Output every record verbatim, and omit each picture.

SOURCE INFORMATION START

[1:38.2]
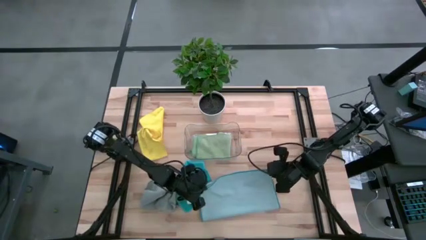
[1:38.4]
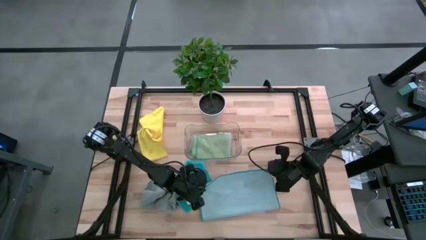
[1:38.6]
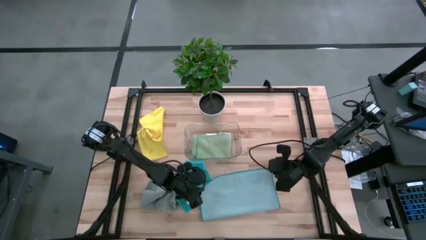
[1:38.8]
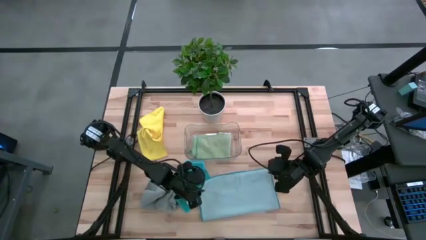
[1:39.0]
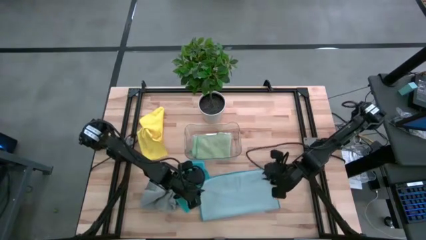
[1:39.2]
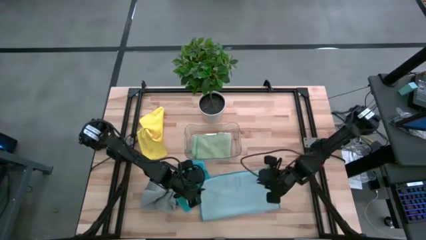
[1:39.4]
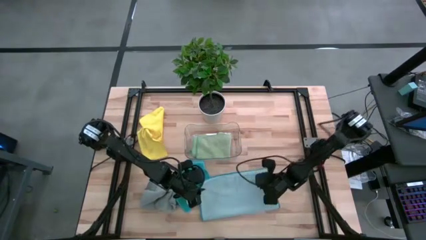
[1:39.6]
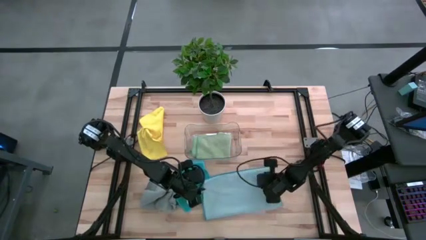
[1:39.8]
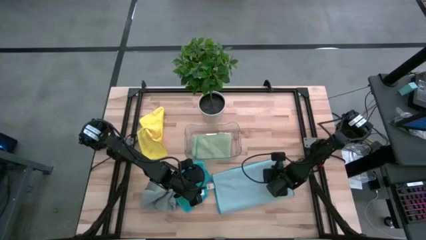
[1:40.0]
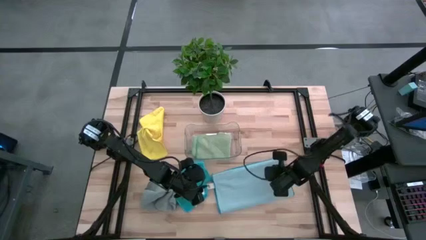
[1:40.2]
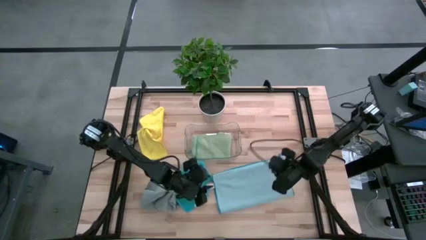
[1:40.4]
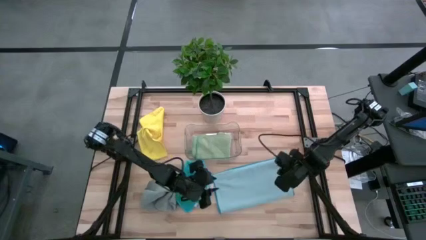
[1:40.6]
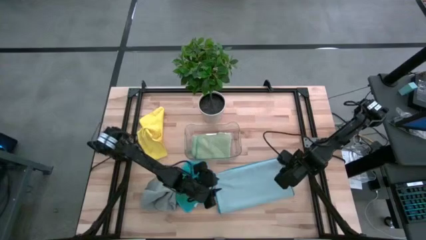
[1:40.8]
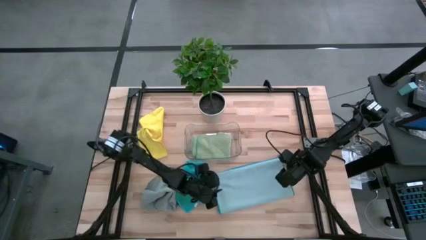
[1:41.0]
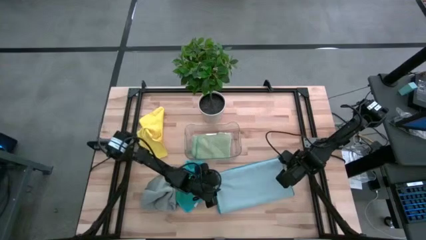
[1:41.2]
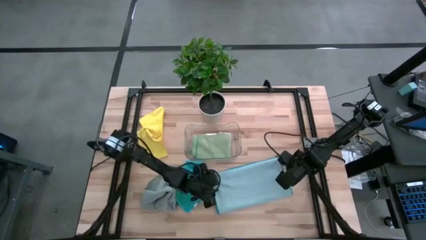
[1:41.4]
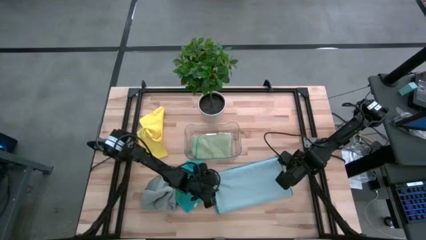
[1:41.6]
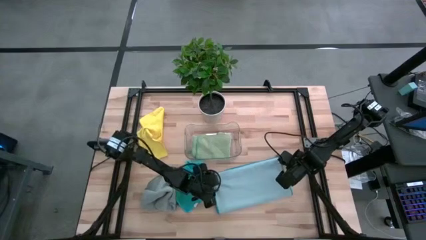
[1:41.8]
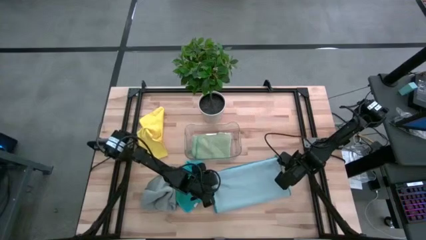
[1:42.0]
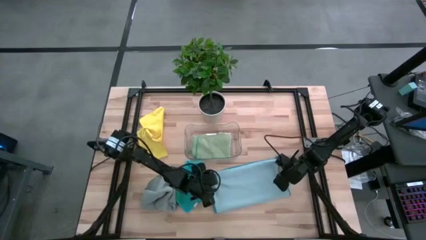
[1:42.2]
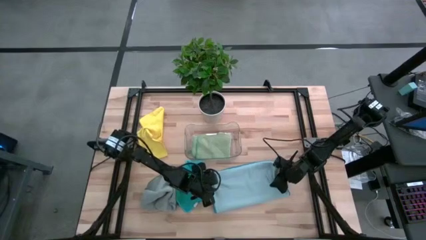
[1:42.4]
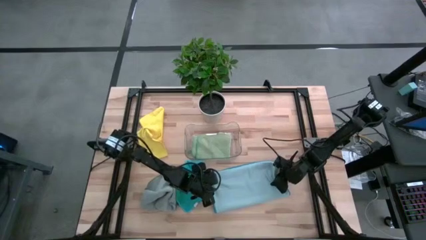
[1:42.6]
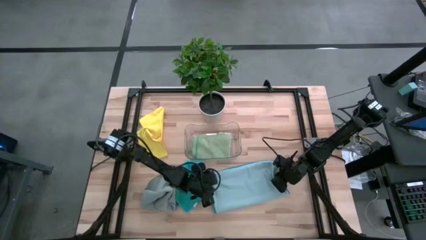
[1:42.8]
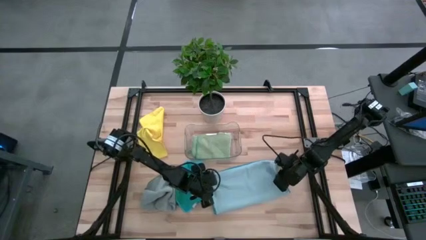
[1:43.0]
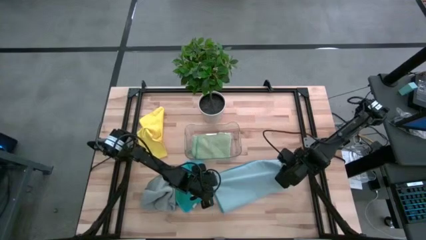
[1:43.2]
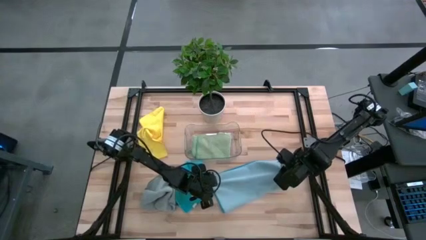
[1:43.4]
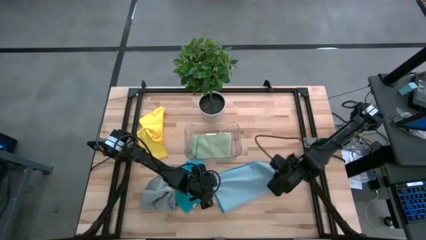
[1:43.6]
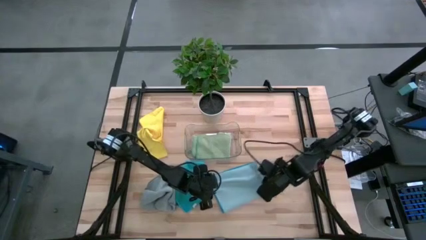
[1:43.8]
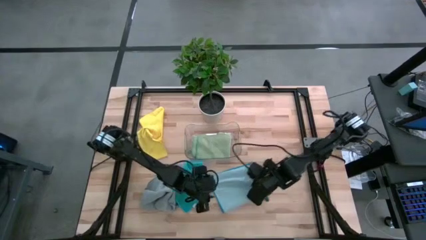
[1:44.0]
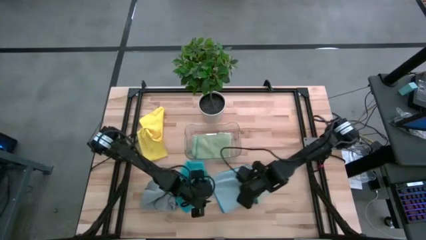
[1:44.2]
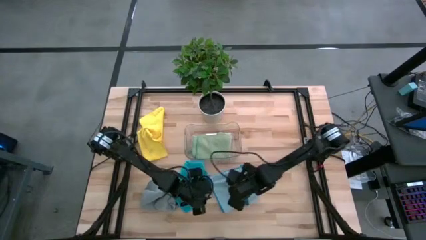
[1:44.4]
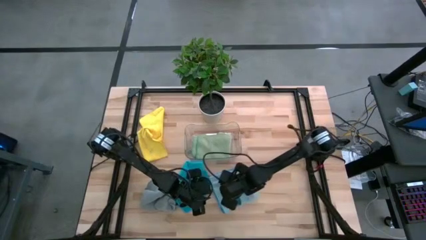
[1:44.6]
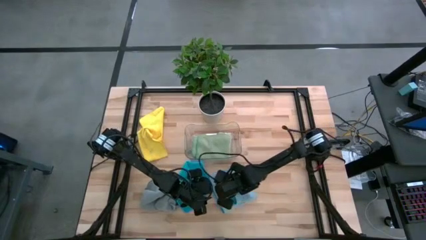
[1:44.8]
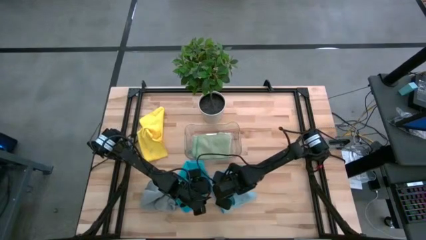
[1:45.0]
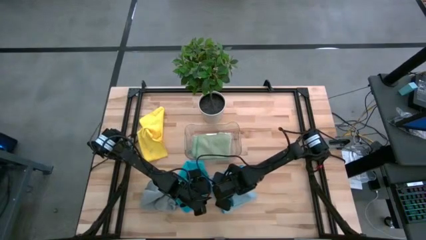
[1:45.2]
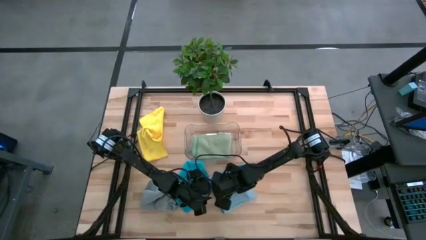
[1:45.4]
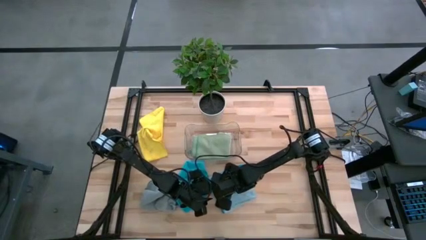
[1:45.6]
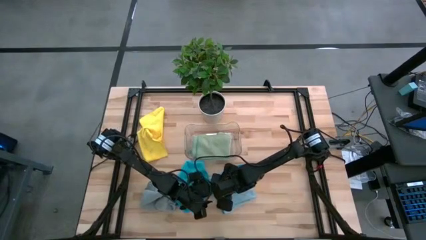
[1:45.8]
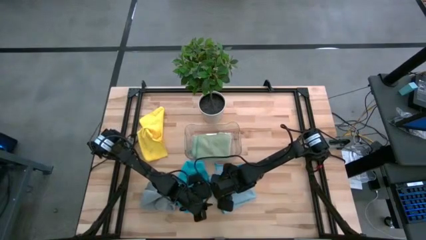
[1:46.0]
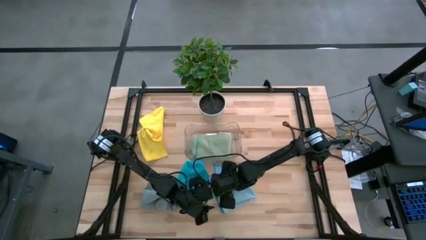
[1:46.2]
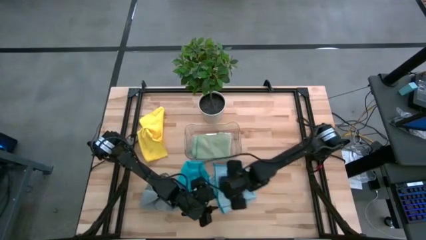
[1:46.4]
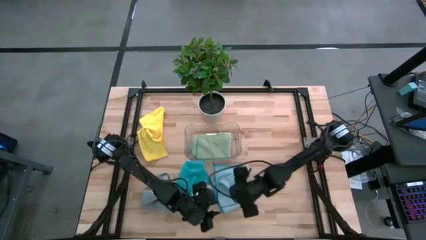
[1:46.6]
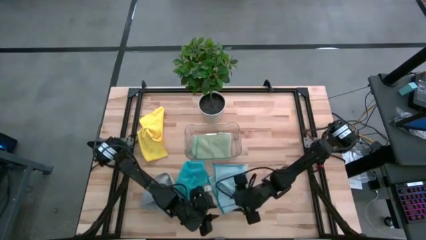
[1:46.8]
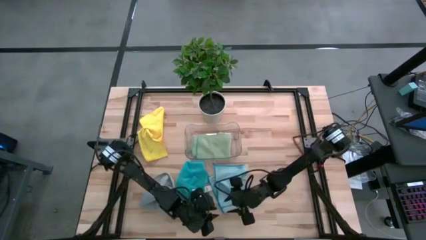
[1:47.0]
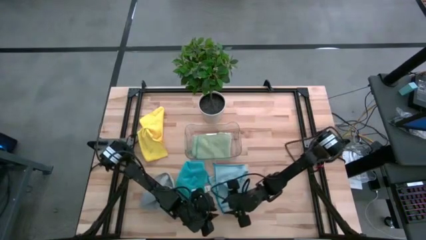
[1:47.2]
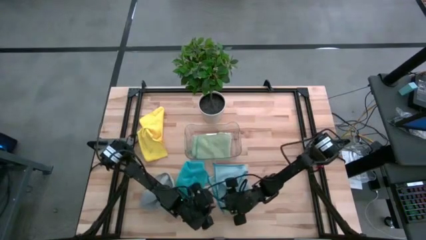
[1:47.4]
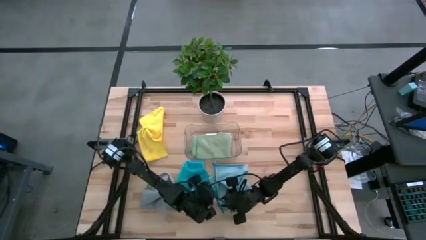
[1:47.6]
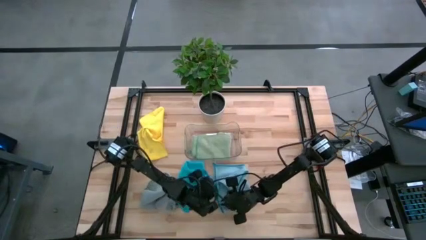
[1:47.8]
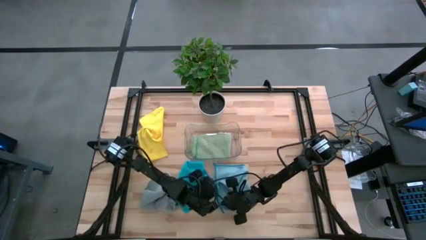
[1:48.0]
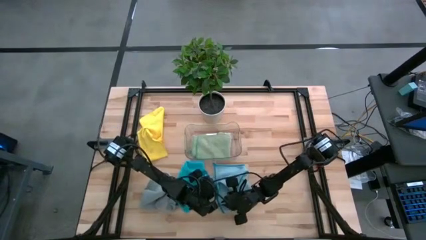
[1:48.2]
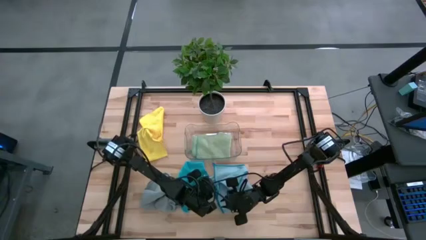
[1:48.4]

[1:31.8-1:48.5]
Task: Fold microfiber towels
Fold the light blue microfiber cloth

SOURCE INFORMATION END

§ REPLY TO THE EXERCISE:
[1:38.2]
[1:38.4]
[1:38.6]
[1:38.8]
[1:39.0]
[1:39.2]
[1:39.4]
[1:39.6]
[1:39.8]
[1:40.0]
[1:40.2]
[1:40.4]
[1:40.6]
[1:40.8]
[1:41.0]
[1:41.2]
[1:41.4]
[1:41.6]
[1:41.8]
[1:42.0]
[1:42.2]
[1:42.4]
[1:42.6]
[1:42.8]
[1:43.0]
[1:43.2]
[1:43.4]
[1:43.6]
[1:43.8]
[1:44.0]
[1:44.2]
[1:44.4]
[1:44.6]
[1:44.8]
[1:45.0]
[1:45.2]
[1:45.4]
[1:45.6]
[1:45.8]
[1:46.0]
[1:46.2]
[1:46.4]
[1:46.6]
[1:46.8]
[1:47.0]
[1:47.2]
[1:47.4]
[1:47.6]
[1:47.8]
[1:48.0]
[1:48.2]
[1:48.4]

[1:31.8-1:48.5]
Task: Fold microfiber towels
Fold the light blue microfiber cloth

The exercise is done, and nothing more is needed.